Data extracts »
++++

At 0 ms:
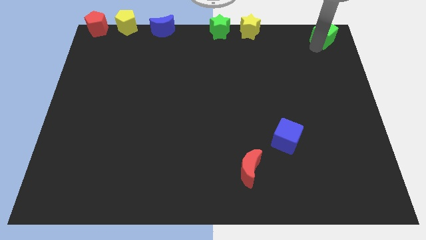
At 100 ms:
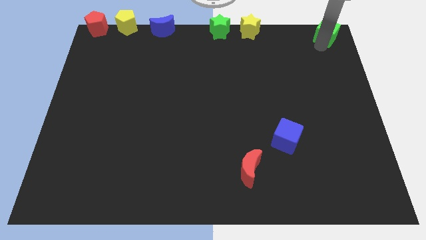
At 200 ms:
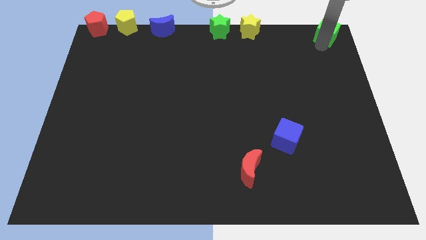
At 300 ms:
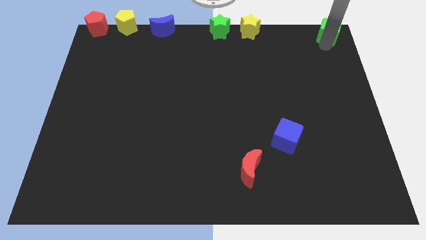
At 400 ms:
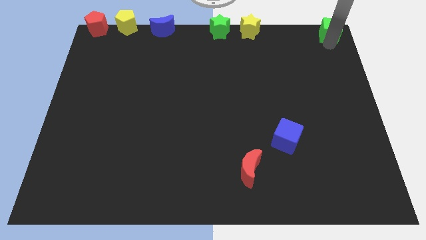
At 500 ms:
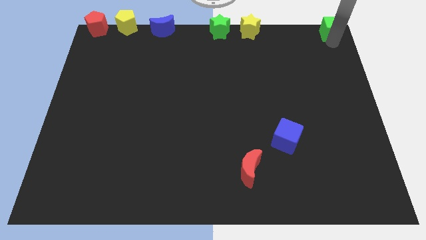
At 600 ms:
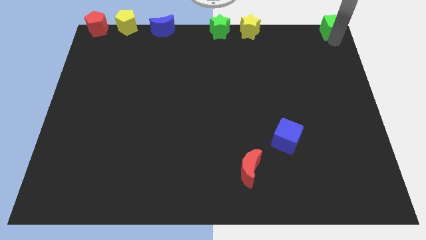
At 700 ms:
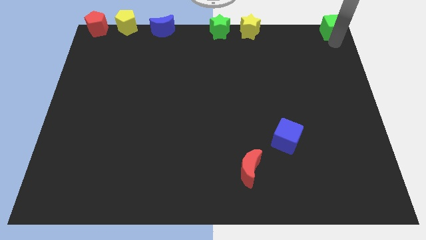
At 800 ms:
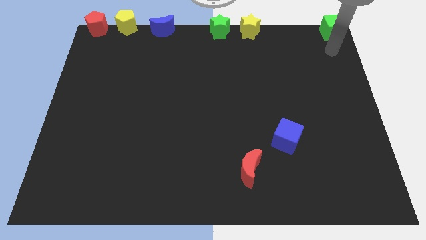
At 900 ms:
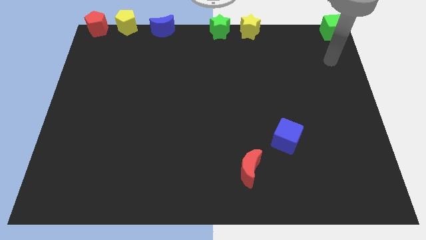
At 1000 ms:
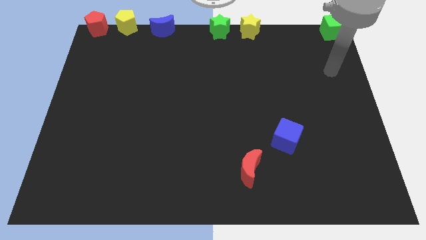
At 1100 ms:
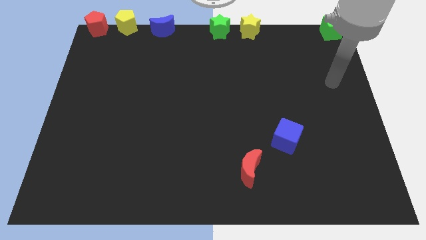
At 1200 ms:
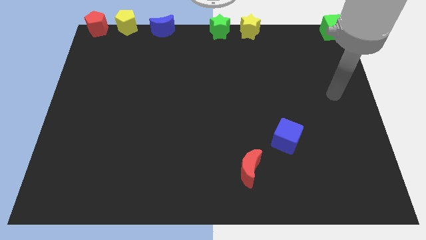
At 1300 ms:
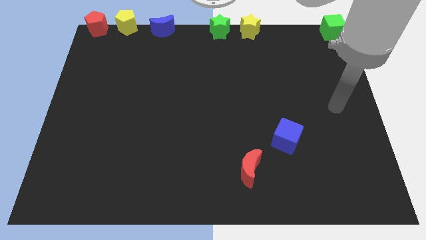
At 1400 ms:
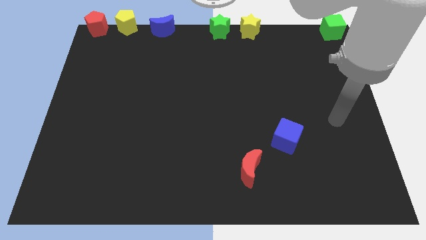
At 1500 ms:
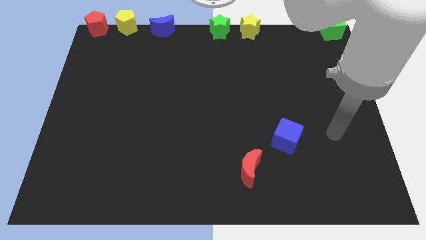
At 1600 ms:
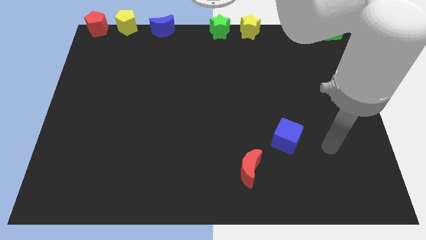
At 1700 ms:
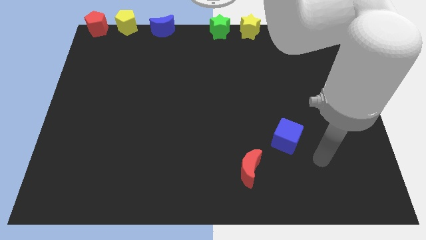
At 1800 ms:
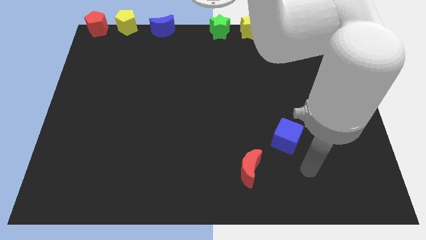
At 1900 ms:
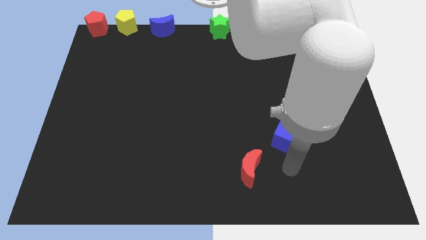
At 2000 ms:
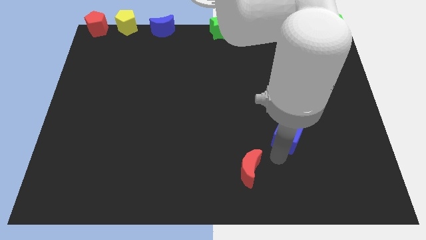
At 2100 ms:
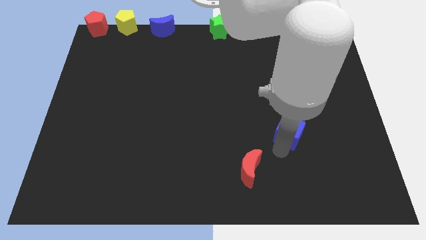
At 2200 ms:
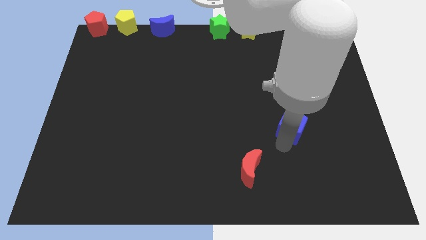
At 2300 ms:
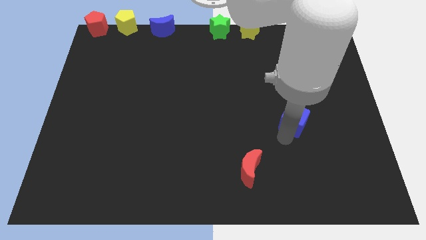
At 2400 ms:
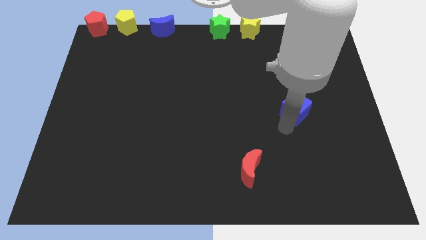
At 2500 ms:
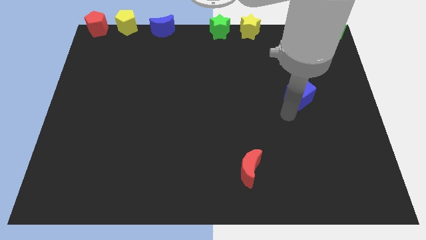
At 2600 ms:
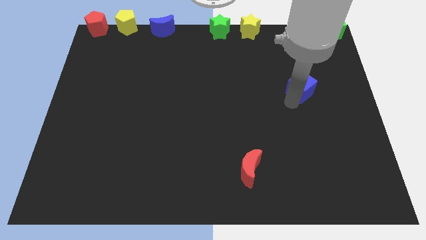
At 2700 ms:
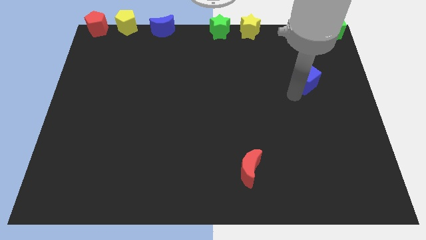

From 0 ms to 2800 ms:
drag blue cube towards right side of the board

++++

From the records given above, reproduce all text exactly and exclude each picture.

At 0 ms:
At 100 ms:
At 200 ms:
At 300 ms:
At 400 ms:
At 500 ms:
At 600 ms:
At 700 ms:
At 800 ms:
At 900 ms:
At 1000 ms:
At 1100 ms:
At 1200 ms:
At 1300 ms:
At 1400 ms:
At 1500 ms:
At 1600 ms:
At 1700 ms:
At 1800 ms:
At 1900 ms:
At 2000 ms:
At 2100 ms:
At 2200 ms:
At 2300 ms:
At 2400 ms:
At 2500 ms:
At 2600 ms:
At 2700 ms:

From 0 ms to 2800 ms:
drag blue cube towards right side of the board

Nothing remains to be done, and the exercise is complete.